• [RECORDS FOR THIS EXERCISE]:

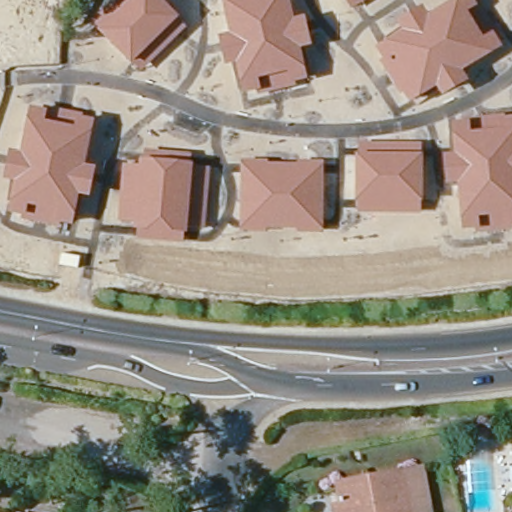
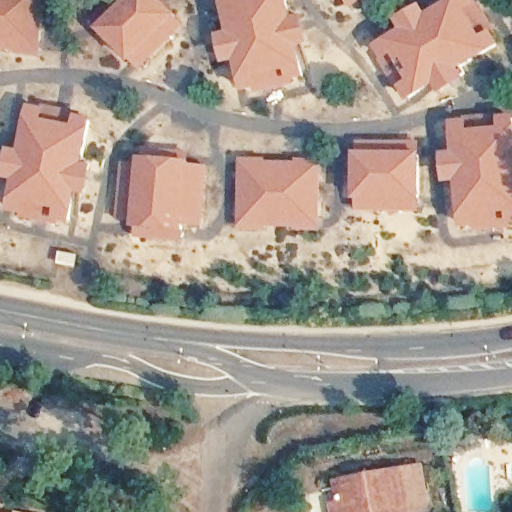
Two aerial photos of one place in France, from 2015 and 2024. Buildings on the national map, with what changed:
new [(44,57),(17,56),(17,50),(0,51),(0,0),(45,0),(44,57)]
unchanged [(188,27),(140,73),(131,66),(98,28),(92,19),(114,0),(164,0),(181,17),(188,27)]
unchanged [(295,18),(306,16),(312,46),(302,48),(309,78),(294,82),(296,86),(259,96),(257,91),(245,94),(239,63),(227,65),(222,37),(232,33),(225,0),(291,0),(295,18)]
unchanged [(353,8),(346,0),(367,0),(353,8)]
unchanged [(469,12),(483,37),(493,31),(502,47),(465,72),(471,81),(442,96),(437,88),(409,103),(403,93),(400,94),(382,62),(385,60),(378,46),(403,32),(398,21),(422,4),(429,14),(454,0),(473,0),(477,7),(469,12)]
unchanged [(46,104),(85,113),(83,118),(95,120),(92,133),(87,164),(97,167),(91,199),(80,197),(76,213),(72,226),(61,222),(58,228),(23,219),(21,214),(10,212),(11,200),(15,182),(5,179),(9,150),(23,153),(27,120),(30,106),(42,109),(46,104)]
unchanged [(468,116),(506,112),(506,118),(512,118),(512,231),(477,233),(476,228),(462,230),(458,185),(447,185),(442,154),(455,152),(454,135),(452,122),(467,121),(468,116)]
unchanged [(423,156),(423,202),(423,214),(357,213),(356,198),(359,156),(360,141),(422,143),(423,156)]
unchanged [(207,226),(189,225),(189,233),(185,232),(184,242),(136,236),(136,223),(119,221),(123,166),(140,166),(141,159),(144,159),(146,150),(190,152),(189,162),(193,162),(194,166),(211,167),(207,226)]
unchanged [(324,161),(325,231),(298,232),(298,228),(267,227),(267,232),(240,232),(242,160),(269,159),(268,163),(297,164),(297,160),(324,161)]
unchanged [(378,476),(377,468),(430,458),(438,502),(389,512),(348,512),(346,497),(354,496),(352,481),(378,476)]
unchanged [(20,511),(23,512),(1,512),(1,508),(20,511)]

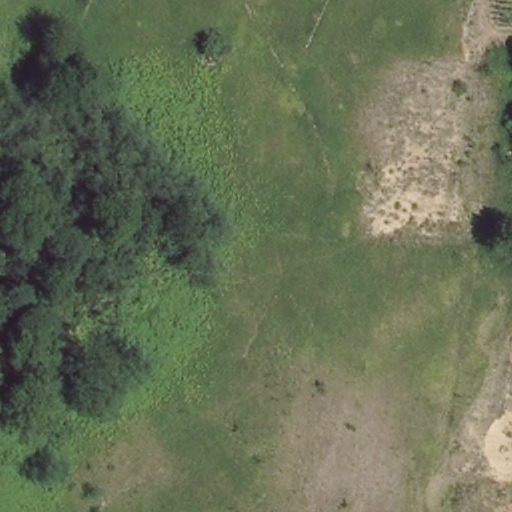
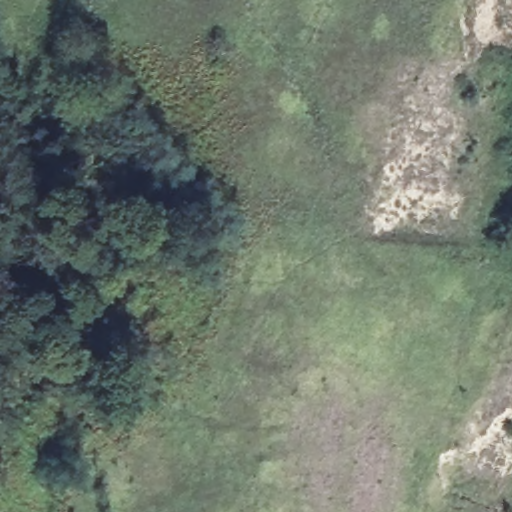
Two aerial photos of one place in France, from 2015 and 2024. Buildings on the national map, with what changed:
[]

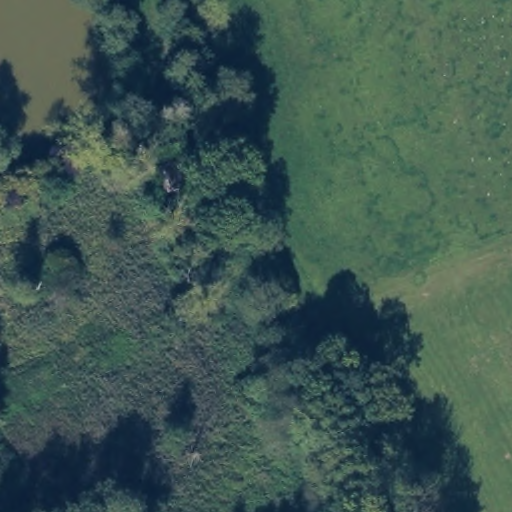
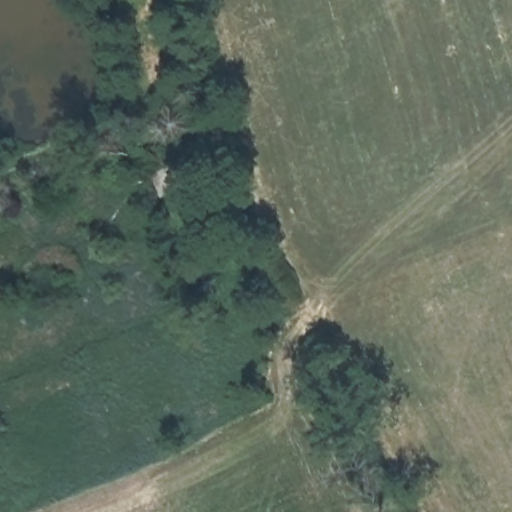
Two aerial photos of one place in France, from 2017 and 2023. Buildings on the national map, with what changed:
unchanged [(180,190),(153,193),(147,170),(174,164),(180,190)]

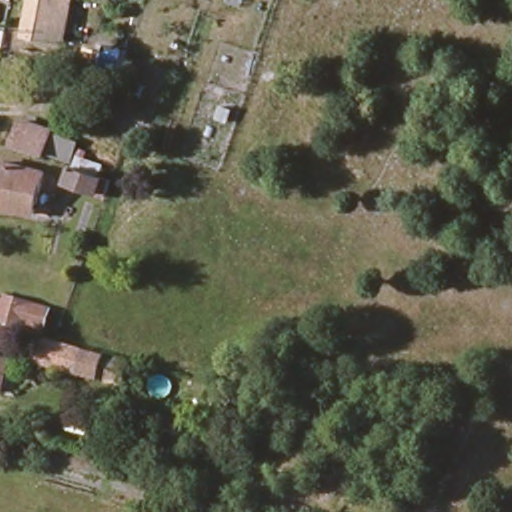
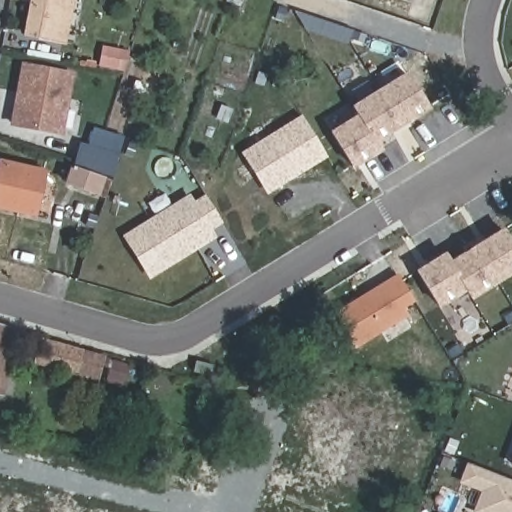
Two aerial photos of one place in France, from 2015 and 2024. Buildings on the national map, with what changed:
unchanged [(63,41),(24,33),(31,0),(70,0),(63,41)]
new [(75,71),(64,135),(10,126),(21,62),(75,71)]
new [(409,77),(429,111),(377,144),(361,118),(356,110),(409,77)]
new [(361,118),(377,144),(382,152),(354,169),(334,135),(361,118)]
new [(305,119),(329,156),(270,192),(247,155),(305,119)]
demolished [(48,156),(47,158),(19,148),(27,124),(55,134),(54,136),(48,156)]
unchanged [(0,208),(0,183),(4,164),(48,174),(38,217),(0,208)]
unchanged [(109,198),(70,185),(76,169),(107,179),(107,180),(114,182),(109,198)]
new [(193,199),(197,206),(210,199),(226,225),(213,232),(216,237),(153,277),(129,238),(193,199)]
new [(507,232),(512,241),(512,275),(474,299),(469,291),(454,265),(507,232)]
new [(448,257),(454,265),(469,291),(442,308),(421,273),(448,257)]
new [(389,343),(383,329),(360,343),(341,313),(369,296),(378,290),(401,276),(415,299),(403,307),(407,314),(414,328),(389,343)]
demolished [(24,328),(0,321),(0,295),(0,293),(31,303),(26,320),(24,328)]
unchanged [(0,326),(12,328),(0,387),(0,326)]
unchanged [(119,387),(95,380),(34,363),(40,344),(100,361),(124,368),(119,387)]
new [(512,481),(512,512),(480,512),(488,492),(466,484),(473,465),(512,481)]

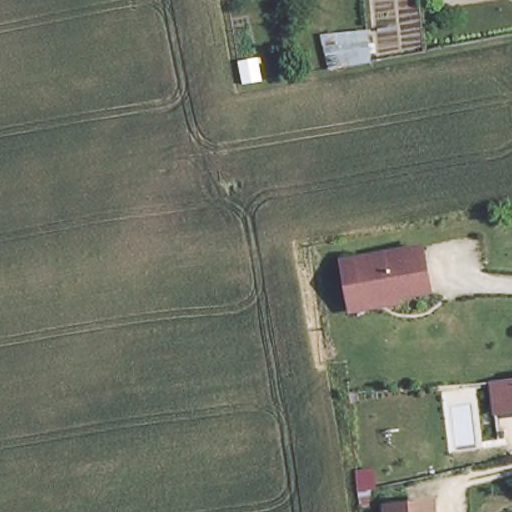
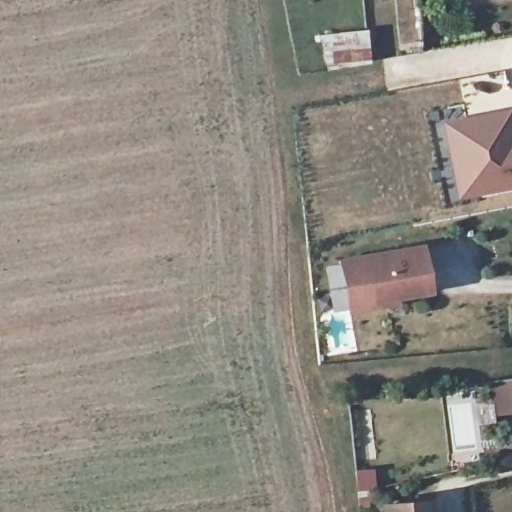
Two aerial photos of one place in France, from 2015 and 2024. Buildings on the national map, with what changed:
unchanged [(369,64),(324,68),(322,33),(366,30),(369,64)]
new [(459,203),(444,125),(512,112),(512,193),(459,203)]
unchanged [(351,313),(342,263),(354,261),(422,248),(430,292),(396,299),(397,304),(351,313)]
unchanged [(491,374),(512,371),(512,406),(497,408),(491,374)]
unchanged [(388,502),(436,500),(437,512),(388,512),(388,502)]

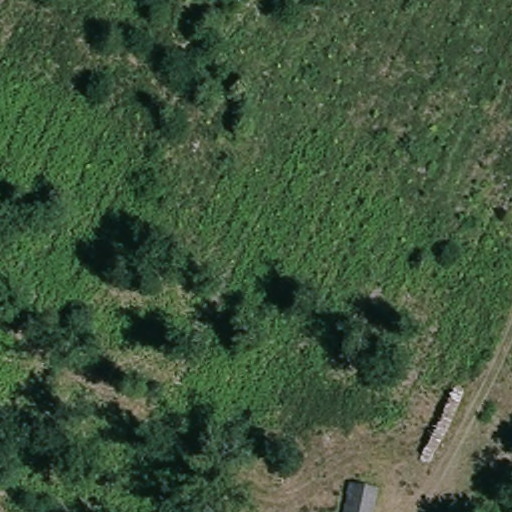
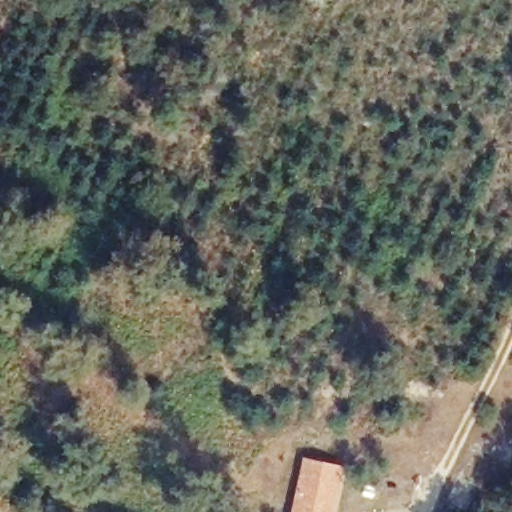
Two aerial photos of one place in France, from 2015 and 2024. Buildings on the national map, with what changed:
new [(302,456),(345,466),(335,512),(289,512),(302,456)]
unchanged [(375,512),(345,512),(352,482),(380,488),(375,512)]

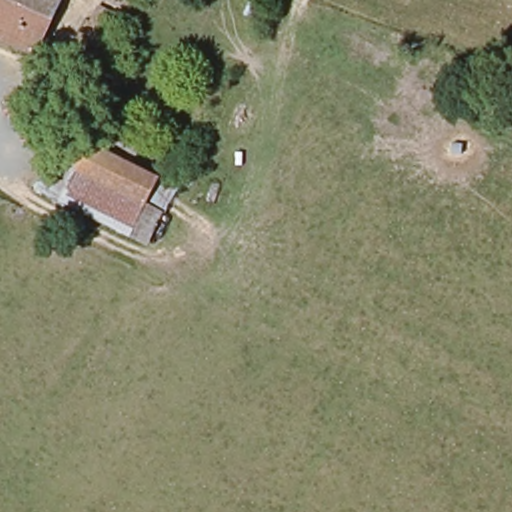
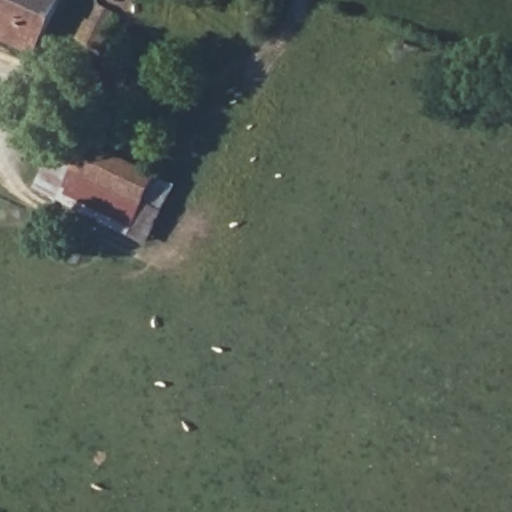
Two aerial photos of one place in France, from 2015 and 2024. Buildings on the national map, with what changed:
unchanged [(0,38),(0,0),(58,0),(33,52),(0,38)]
unchanged [(105,55),(81,44),(88,29),(93,29),(101,9),(121,18),(105,55)]
unchanged [(83,177),(68,208),(51,200),(76,145),(94,153),(83,177)]
unchanged [(161,187),(151,210),(83,177),(94,153),(161,187)]
unchanged [(151,210),(136,241),(68,208),(83,177),(151,210)]

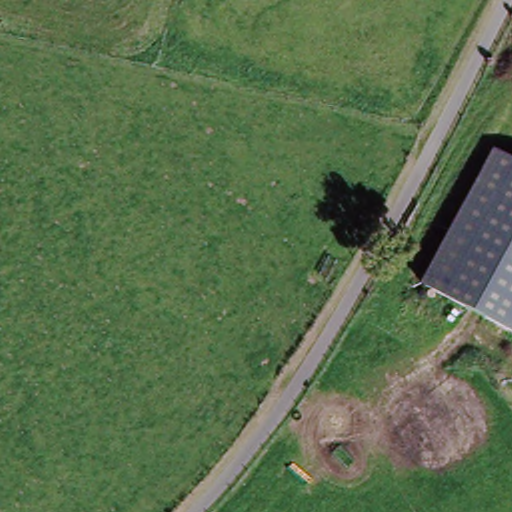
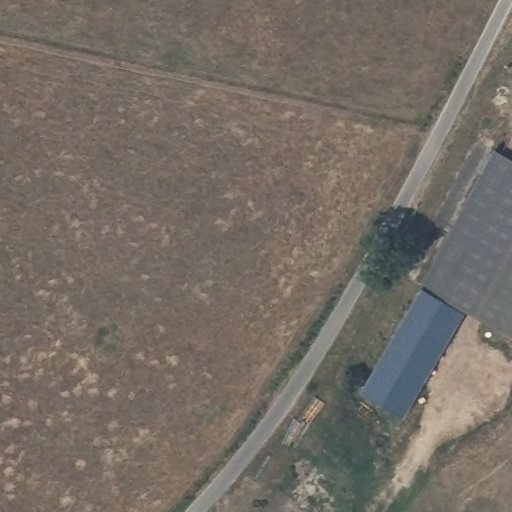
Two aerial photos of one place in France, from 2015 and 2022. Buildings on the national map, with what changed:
unchanged [(420,287),(494,150),(512,159),(512,337),(420,287)]
new [(465,311),(405,416),(361,388),(420,287),(465,311)]

• [EXERCISE PROMPT]: What is needed here is an exact copy of all the entries, without the pictures.

• [FINAL ANSWER]:
Two aerial photos of one place in France, from 2015 and 2024. Buildings on the national map, with what changed:
new [(44,57),(17,56),(17,50),(0,51),(0,0),(45,0),(44,57)]
unchanged [(188,27),(140,73),(131,66),(98,28),(92,19),(114,0),(164,0),(181,17),(188,27)]
unchanged [(295,18),(306,16),(312,46),(302,48),(309,78),(294,82),(296,86),(259,96),(257,91),(245,94),(239,63),(227,65),(222,37),(232,33),(225,0),(291,0),(295,18)]
unchanged [(353,8),(346,0),(367,0),(353,8)]
unchanged [(469,12),(483,37),(493,31),(502,47),(465,72),(471,81),(442,96),(437,88),(409,103),(403,93),(400,94),(382,62),(385,60),(378,46),(403,32),(398,21),(422,4),(429,14),(454,0),(473,0),(477,7),(469,12)]
unchanged [(46,104),(85,113),(83,118),(95,120),(92,133),(87,164),(97,167),(91,199),(80,197),(76,213),(72,226),(61,222),(58,228),(23,219),(21,214),(10,212),(11,200),(15,182),(5,179),(9,150),(23,153),(27,120),(30,106),(42,109),(46,104)]
unchanged [(468,116),(506,112),(506,118),(512,118),(512,231),(477,233),(476,228),(462,230),(458,185),(447,185),(442,154),(455,152),(454,135),(452,122),(467,121),(468,116)]
unchanged [(423,156),(423,202),(423,214),(357,213),(356,198),(359,156),(360,141),(422,143),(423,156)]
unchanged [(207,226),(189,225),(189,233),(185,232),(184,242),(136,236),(136,223),(119,221),(123,166),(140,166),(141,159),(144,159),(146,150),(190,152),(189,162),(193,162),(194,166),(211,167),(207,226)]
unchanged [(324,161),(325,231),(298,232),(298,228),(267,227),(267,232),(240,232),(242,160),(269,159),(268,163),(297,164),(297,160),(324,161)]
unchanged [(378,476),(377,468),(430,458),(438,502),(389,512),(348,512),(346,497),(354,496),(352,481),(378,476)]
unchanged [(20,511),(23,512),(1,512),(1,508),(20,511)]

Two aerial photos of one place in France, from 2015 and 2024. Buildings on the national map, with what changed:
[]

Two aerial photos of one place in France, from 2017 and 2023. Buildings on the national map, with what changed:
unchanged [(180,190),(153,193),(147,170),(174,164),(180,190)]

Two aerial photos of one place in France, from 2015 and 2024. Buildings on the national map, with what changed:
unchanged [(63,41),(24,33),(31,0),(70,0),(63,41)]
new [(75,71),(64,135),(10,126),(21,62),(75,71)]
new [(409,77),(429,111),(377,144),(361,118),(356,110),(409,77)]
new [(361,118),(377,144),(382,152),(354,169),(334,135),(361,118)]
new [(305,119),(329,156),(270,192),(247,155),(305,119)]
demolished [(48,156),(47,158),(19,148),(27,124),(55,134),(54,136),(48,156)]
unchanged [(0,208),(0,183),(4,164),(48,174),(38,217),(0,208)]
unchanged [(109,198),(70,185),(76,169),(107,179),(107,180),(114,182),(109,198)]
new [(193,199),(197,206),(210,199),(226,225),(213,232),(216,237),(153,277),(129,238),(193,199)]
new [(507,232),(512,241),(512,275),(474,299),(469,291),(454,265),(507,232)]
new [(448,257),(454,265),(469,291),(442,308),(421,273),(448,257)]
new [(389,343),(383,329),(360,343),(341,313),(369,296),(378,290),(401,276),(415,299),(403,307),(407,314),(414,328),(389,343)]
demolished [(24,328),(0,321),(0,295),(0,293),(31,303),(26,320),(24,328)]
unchanged [(0,326),(12,328),(0,387),(0,326)]
unchanged [(119,387),(95,380),(34,363),(40,344),(100,361),(124,368),(119,387)]
new [(512,481),(512,512),(480,512),(488,492),(466,484),(473,465),(512,481)]

Two aerial photos of one place in France, from 2015 and 2024. Buildings on the national map, with what changed:
unchanged [(369,64),(324,68),(322,33),(366,30),(369,64)]
new [(459,203),(444,125),(512,112),(512,193),(459,203)]
unchanged [(351,313),(342,263),(354,261),(422,248),(430,292),(396,299),(397,304),(351,313)]
unchanged [(491,374),(512,371),(512,406),(497,408),(491,374)]
unchanged [(388,502),(436,500),(437,512),(388,512),(388,502)]

Two aerial photos of one place in France, from 2015 and 2024. Buildings on the national map, with what changed:
new [(302,456),(345,466),(335,512),(289,512),(302,456)]
unchanged [(375,512),(345,512),(352,482),(380,488),(375,512)]

Two aerial photos of one place in France, from 2015 and 2024. Buildings on the national map, with what changed:
unchanged [(0,38),(0,0),(58,0),(33,52),(0,38)]
unchanged [(105,55),(81,44),(88,29),(93,29),(101,9),(121,18),(105,55)]
unchanged [(83,177),(68,208),(51,200),(76,145),(94,153),(83,177)]
unchanged [(161,187),(151,210),(83,177),(94,153),(161,187)]
unchanged [(151,210),(136,241),(68,208),(83,177),(151,210)]

Two aerial photos of one place in France, from 2015 and 2022. Buildings on the national map, with what changed:
unchanged [(420,287),(494,150),(512,159),(512,337),(420,287)]
new [(465,311),(405,416),(361,388),(420,287),(465,311)]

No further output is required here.